L’inserimento sempre crescente degli ashkenaziti in America portò lo scontento dei più ricchi e raffinati ebrei sefarditi, che non li volevano in quanto temevano che “rovinassero” la loro reputazione e il duro lavoro compiuto per integrarsi sino a quel momento. I sefarditi stavano iniziando ad emergere in modo significativo nella società americana e di certo non volevano perdere quanto conquistato. C’era molta intolleranza e difficoltà a convivere, ”l’unità ebraica” in America era un’utopia . 28

Questo è il motivo per cui nell’Ottocento, quando iniziarono ad arrivare molti più ashkenaziti, si verificarono svariati episodi di intolleranza e rabbia all’interno della comunità ebraica americana, rinfocolati dai pregiudizi che tutti avevano nei confronti degli ebrei più o meno da sempre. Ormai gli ebrei negli Stati Uniti iniziavano ad essere una componente importante (anche numericamente) della società. Ricordavano la loro provenienza europea in modo dolceamaro perché in patria erano cittadini di “serie B” e per varie ragioni erano dovuti partire, in America invece, la nuova patria, stavano avendo sempre più possibilità di sviluppo e di affermazione, per quanto gli ostacoli non mancassero nemmeno negli USA e certamente la vita degli ebrei, soprattutto all’inizio, non era affatto facile.

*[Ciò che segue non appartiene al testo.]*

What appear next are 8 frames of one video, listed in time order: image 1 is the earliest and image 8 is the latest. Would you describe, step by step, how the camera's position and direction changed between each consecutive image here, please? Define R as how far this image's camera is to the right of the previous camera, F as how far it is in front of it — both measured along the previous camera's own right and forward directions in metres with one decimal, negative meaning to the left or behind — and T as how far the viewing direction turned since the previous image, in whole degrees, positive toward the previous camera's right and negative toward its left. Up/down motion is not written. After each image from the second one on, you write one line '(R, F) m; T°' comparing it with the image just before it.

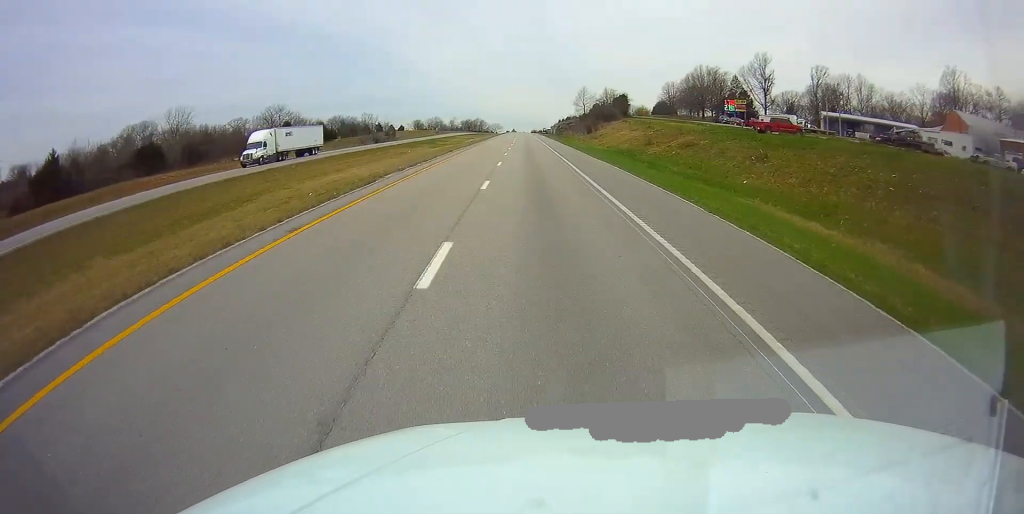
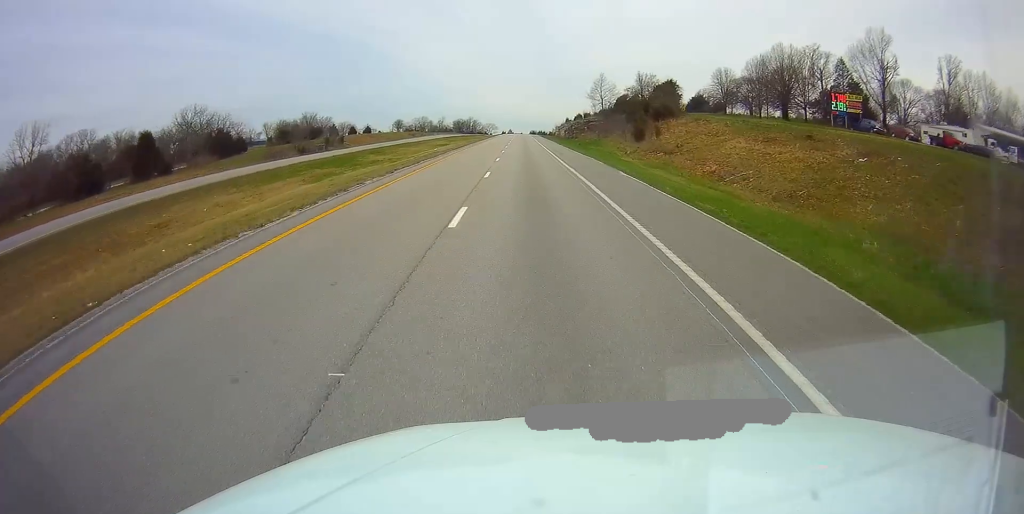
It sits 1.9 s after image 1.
(+0.4, +56.1) m; 0°
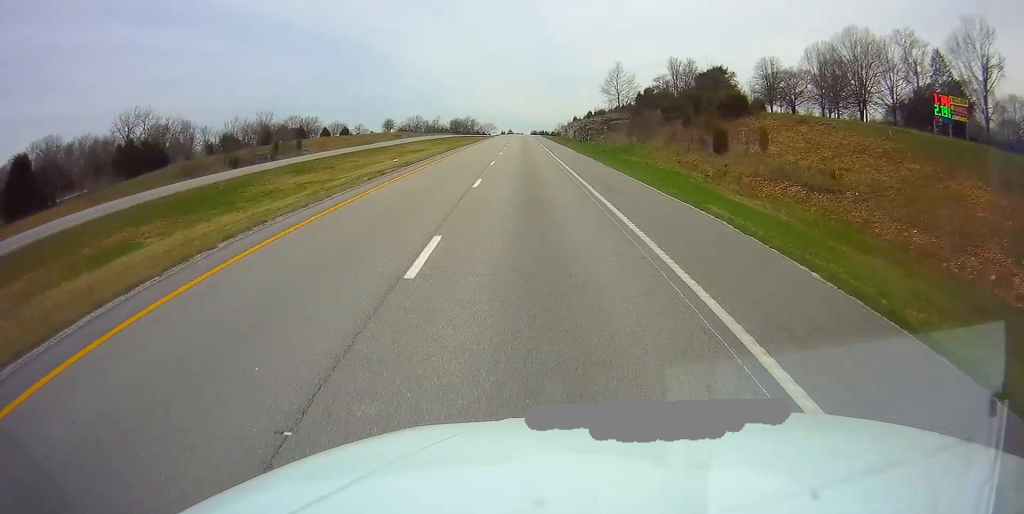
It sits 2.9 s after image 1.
(0.0, +28.3) m; 0°
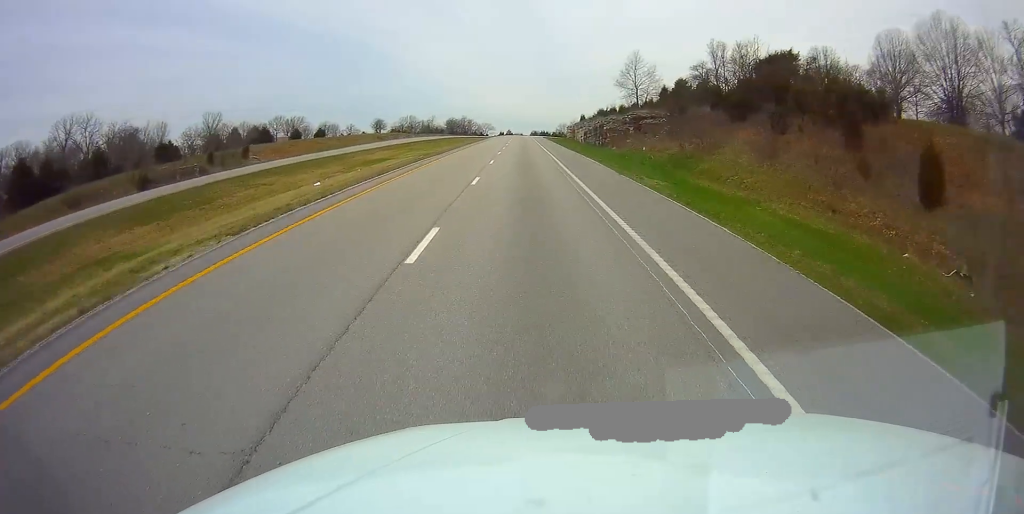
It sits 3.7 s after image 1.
(-0.2, +23.4) m; 0°
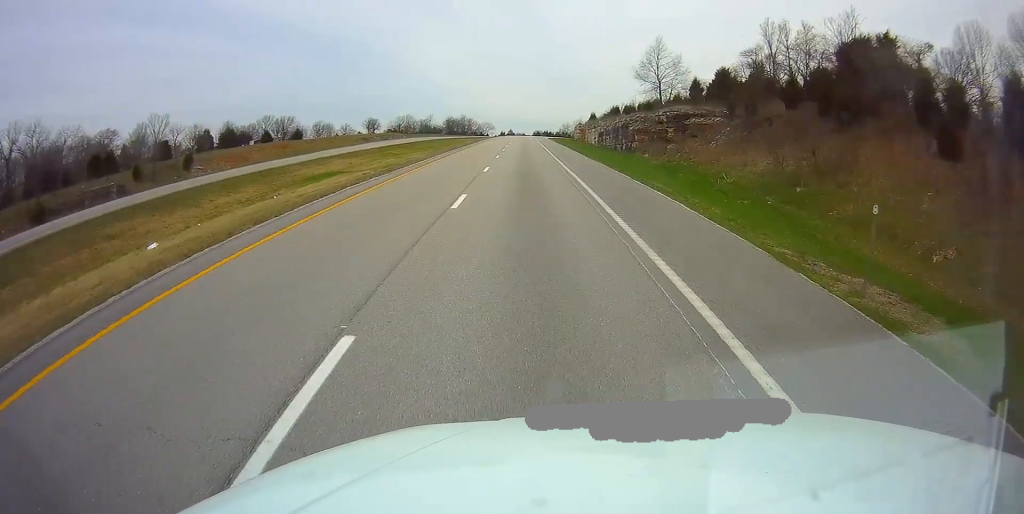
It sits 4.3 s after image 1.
(0.0, +18.4) m; 0°
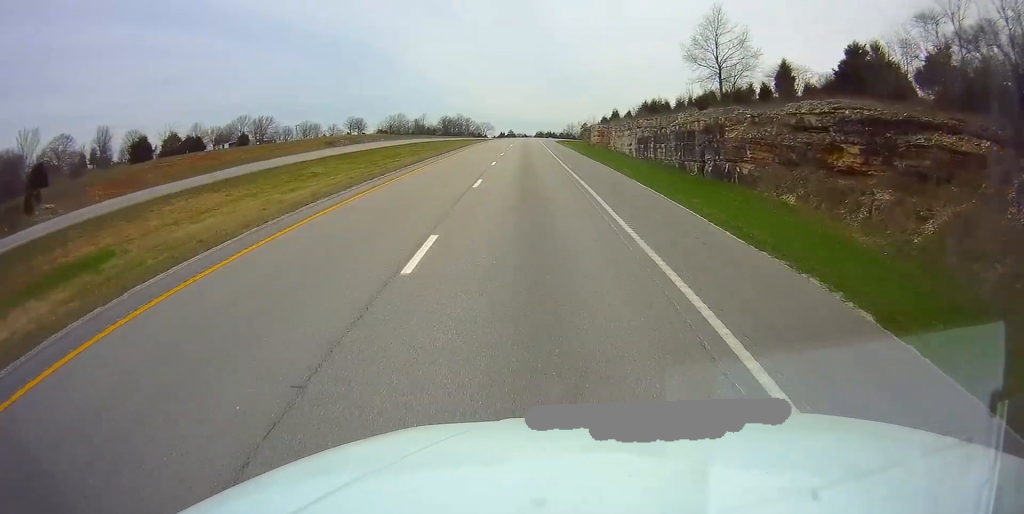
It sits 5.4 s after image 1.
(0.0, +30.9) m; 0°
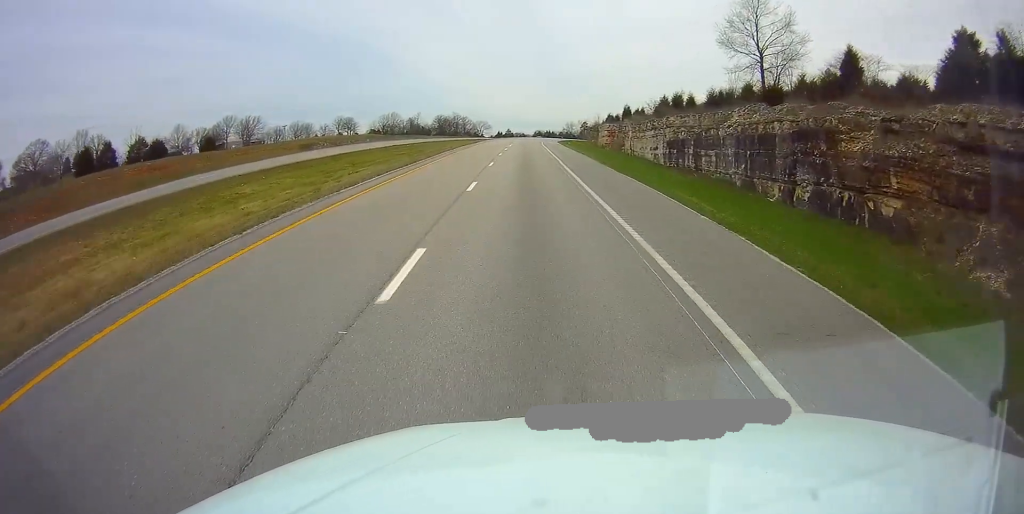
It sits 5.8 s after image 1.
(-0.1, +13.5) m; 0°
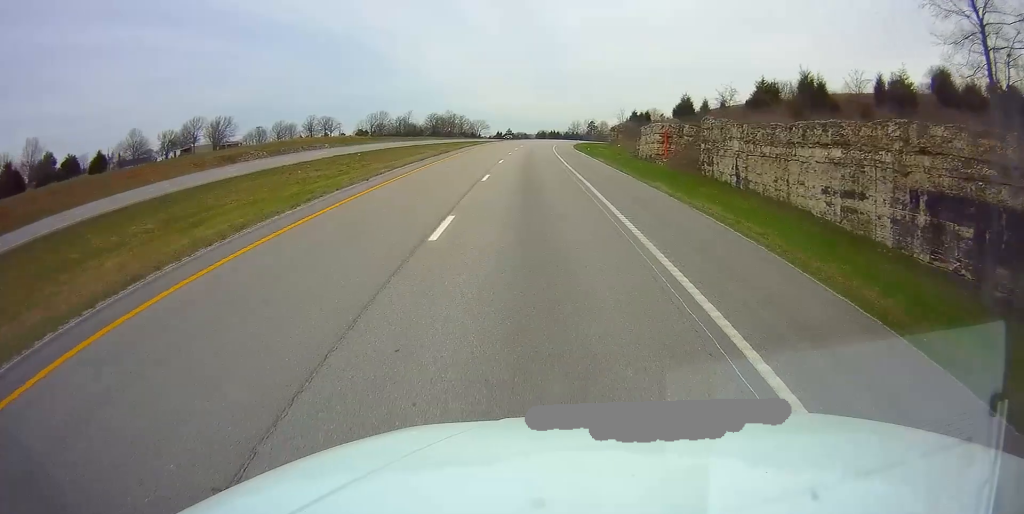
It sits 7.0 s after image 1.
(+0.2, +32.6) m; 0°
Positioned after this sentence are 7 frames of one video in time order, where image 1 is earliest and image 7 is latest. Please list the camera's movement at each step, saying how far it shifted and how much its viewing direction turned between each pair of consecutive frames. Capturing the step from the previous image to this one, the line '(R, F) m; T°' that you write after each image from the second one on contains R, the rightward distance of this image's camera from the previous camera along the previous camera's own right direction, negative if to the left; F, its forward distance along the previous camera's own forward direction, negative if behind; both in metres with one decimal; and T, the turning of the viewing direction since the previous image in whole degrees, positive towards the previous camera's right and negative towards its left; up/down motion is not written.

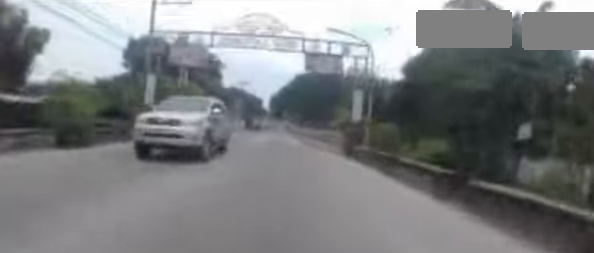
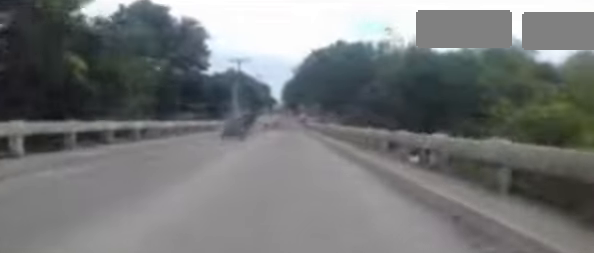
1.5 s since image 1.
(0.0, +19.8) m; 0°
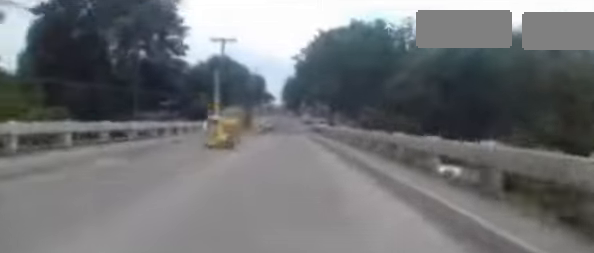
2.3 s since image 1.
(0.0, +11.7) m; +1°
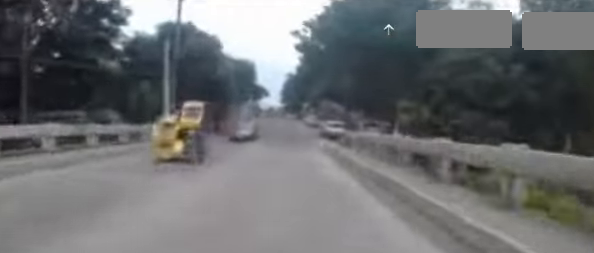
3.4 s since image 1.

Si instaurarono col tempo delle routine, abitudini, festività e regole diverse nelle varie comunità ebraiche, e a livello locale iniziavano ad essere presenti varie organizzazioni (come la Shearit Israel) con scopo diverso, rivolte ai nuovi arrivati, a coloro che volevano emigrare. Nell’ebraismo, come nel cristianesimo, esistevano regole precise se si voleva far parte della congregazione, bisognava essere molto coinvolti o spesso non si era nemmeno detti pienamente parte della comunità dei cristiani o degli ebrei. La pressione morale sui fedeli dunque era molto forte.

I cristiani americani (soprattutto millenaristi) si sentirono investiti dal dovere morale di convertire gli ebrei, come a loro volta avevano fatto i puritani inglesi. L’immagine dell’Israele della Bibbia, i precetti dell’Antico Testamento (allora particolarmente seguito) erano ben presenti ai cristiani americani e anche a molti padri fondatori degli Stati Uniti come Benjamin Franklin; egli propose al Congresso continentale l’immagine fortissima di Mosè che divide col proprio bastone le acque del Mar Rosso, e probabilmente immaginò gli Stati Uniti proprio come Mosè, potente, autorevole, legislatore, la guida del proprio popolo.